I was revising single source shortest path algorithms and in the video, the teacher mentions that BFS/DFS can't be used directly for finding shortest paths in a weighted graph (I guess everyone knows this already) and said to work out the reason on your own.
I was wondering the exact reason/explanation as to why it can't be used for weighted graphs. Is it due to the weights of the edges or anything else ? Can someone explain me as I feel a little confused.
PS: I went through this question and this question.
BFS will not work on weighted graphs since the path with the fewest edges may not be the shortest if the edges it contains are expensive.
And so, the only possible way for BFS (or DFS) to find the shortest path in a weighted graph is to search the entire graph and keep recording the minimum distance from source to the destination vertex.

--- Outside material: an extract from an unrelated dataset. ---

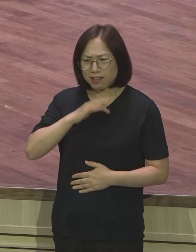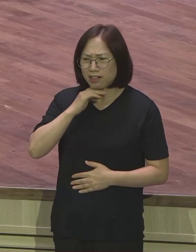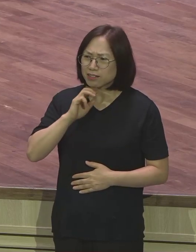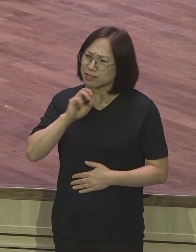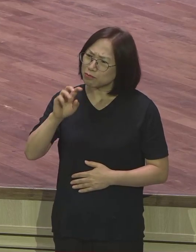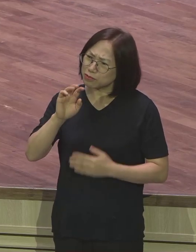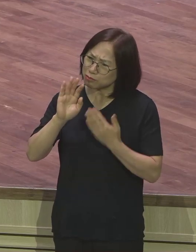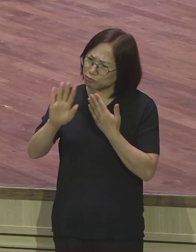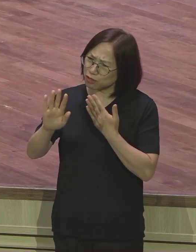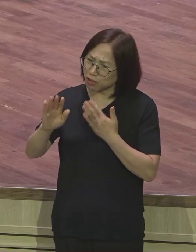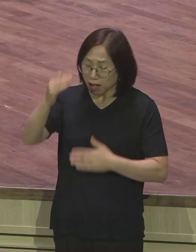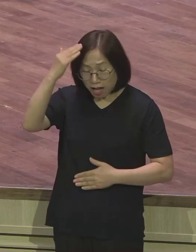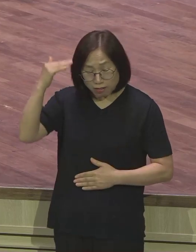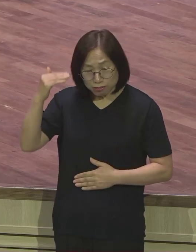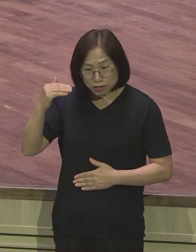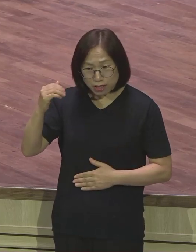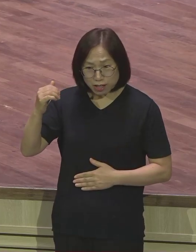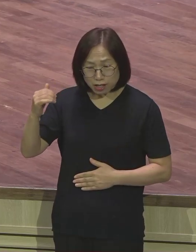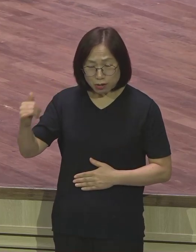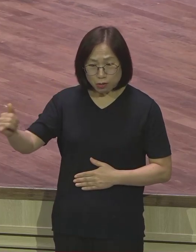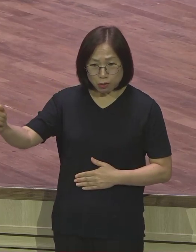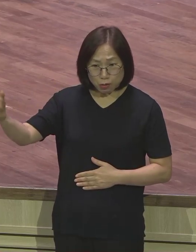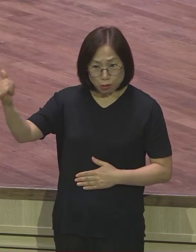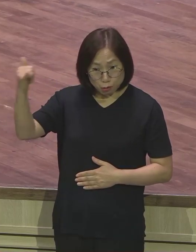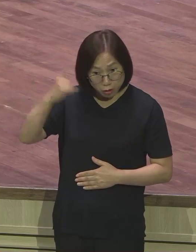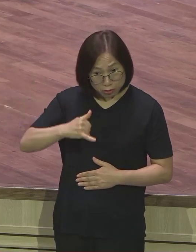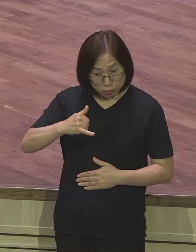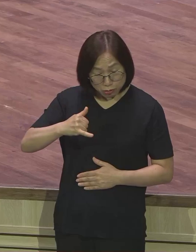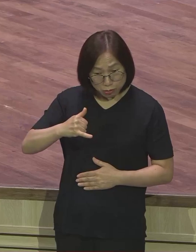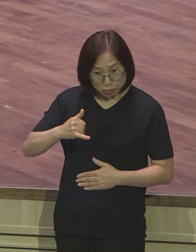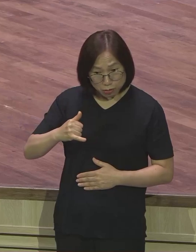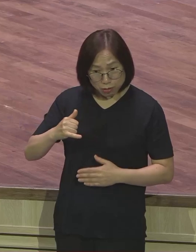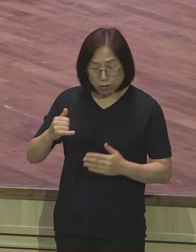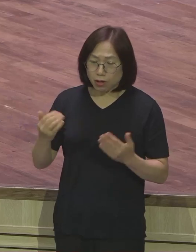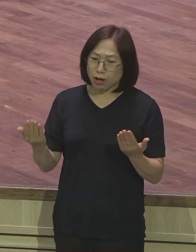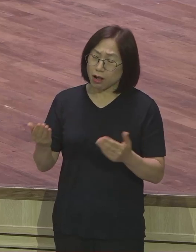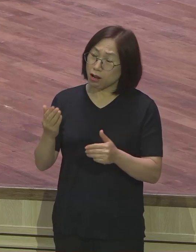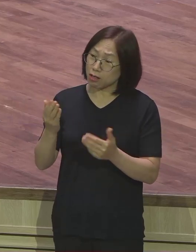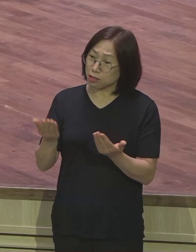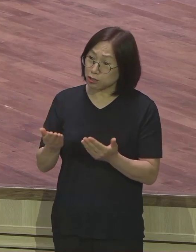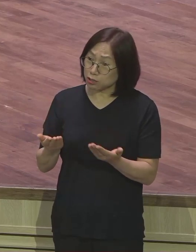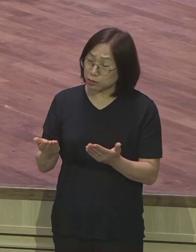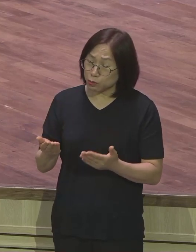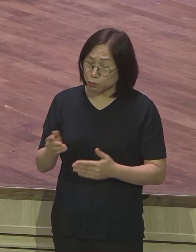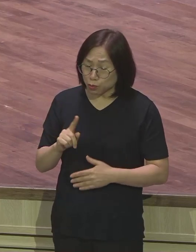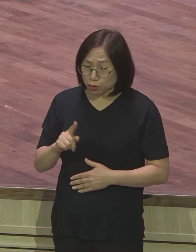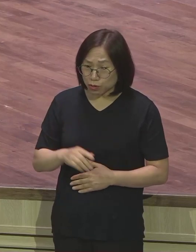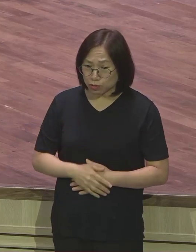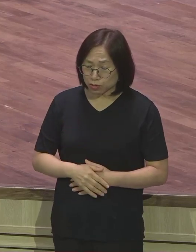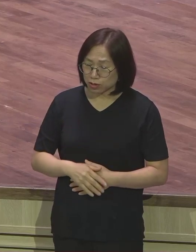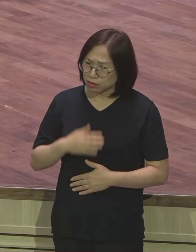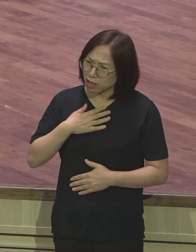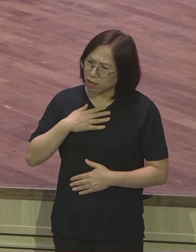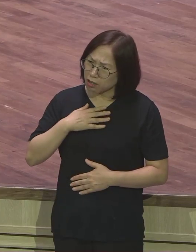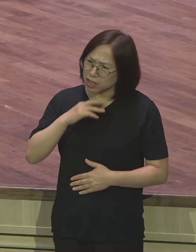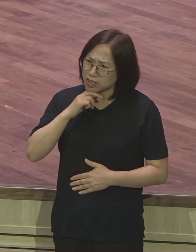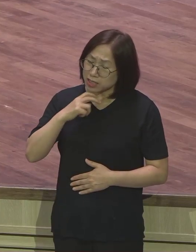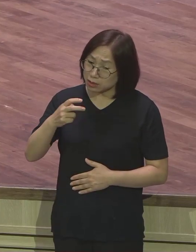한국에 갑자기 내가 들어가서 내가 뭐 할 수 있을까 아니면 20대 초반이면 뭐라도 하겠는데 30이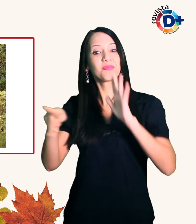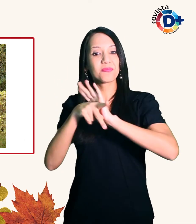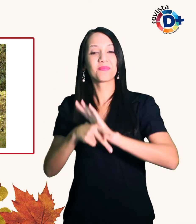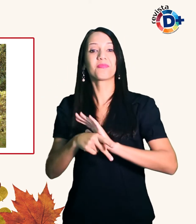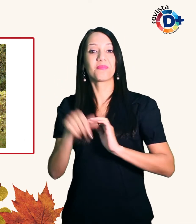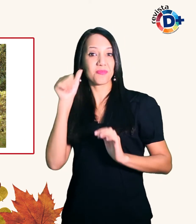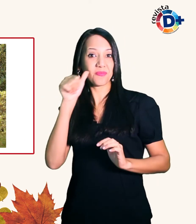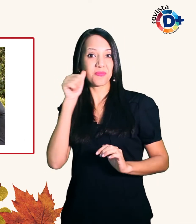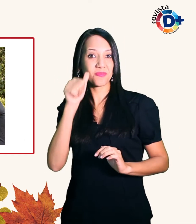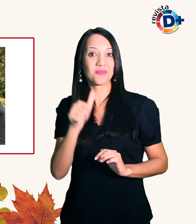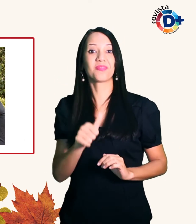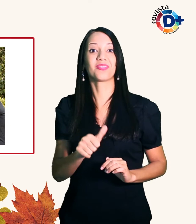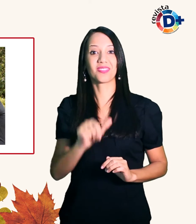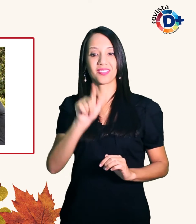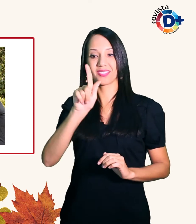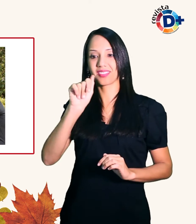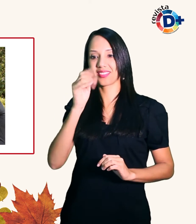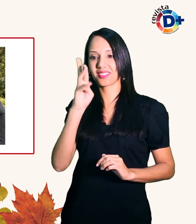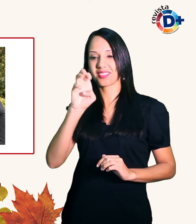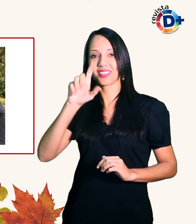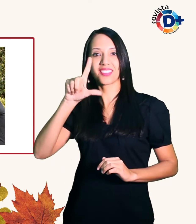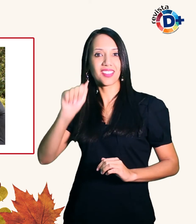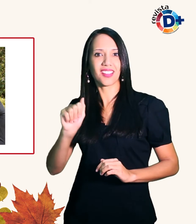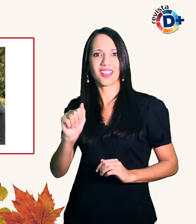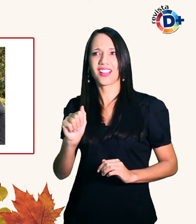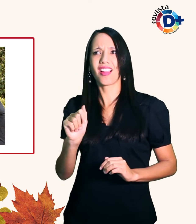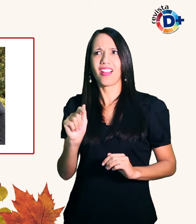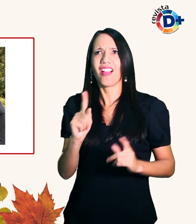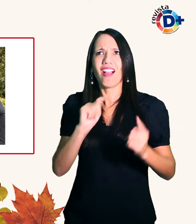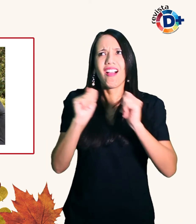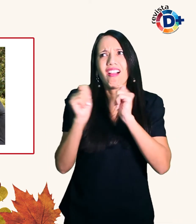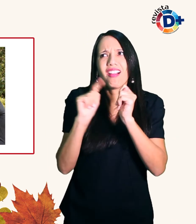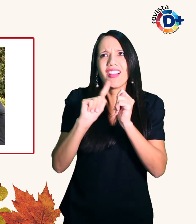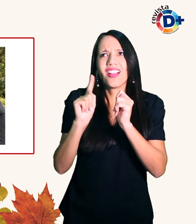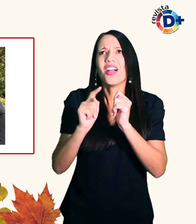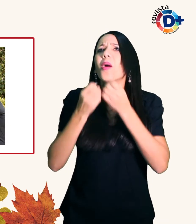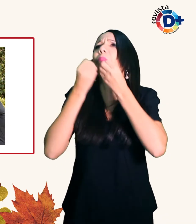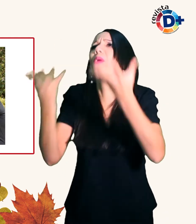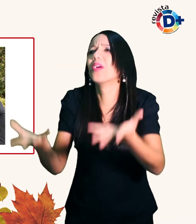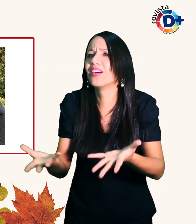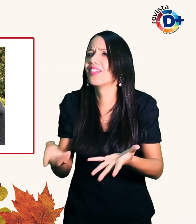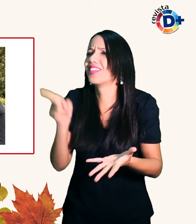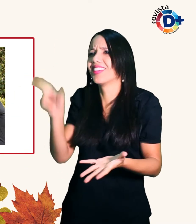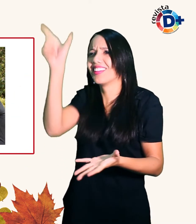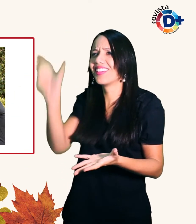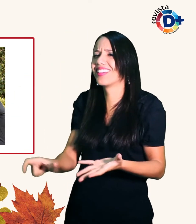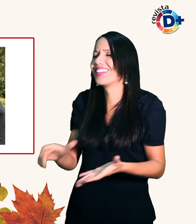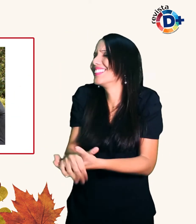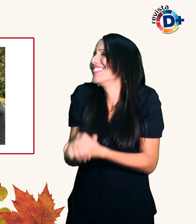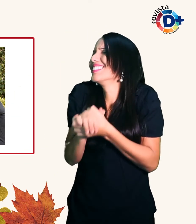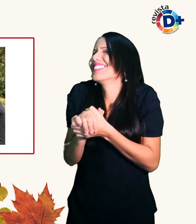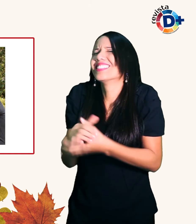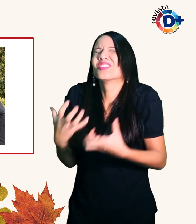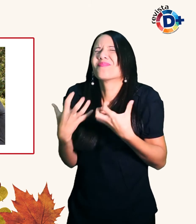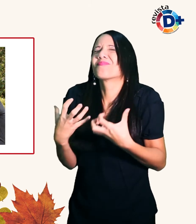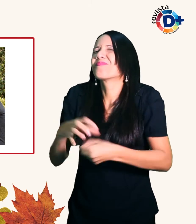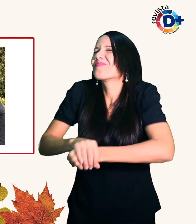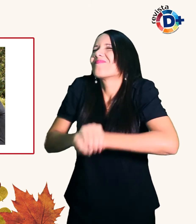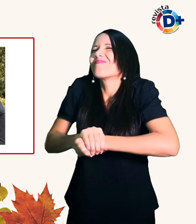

For starters, DFS is off the table and doesn't work for shortest paths at all. Secondly, this answer correctly explains why BFS fails on weighted graphs with cycles and suggests Dijkstra's, replacing the queue with a priority queue and allowing relaxation if a new, shorter path is found to a node.
We can use BFS to find the shortest path in the modified graph.
Consider a graph like this:
A---(3)-----B | | \-(1)-C--(1)/
The shortest path from A to B is via C (with a total weight of 2). A normal BFS will take the path directly from A to B, marking B as seen, and A to C, marking C as seen.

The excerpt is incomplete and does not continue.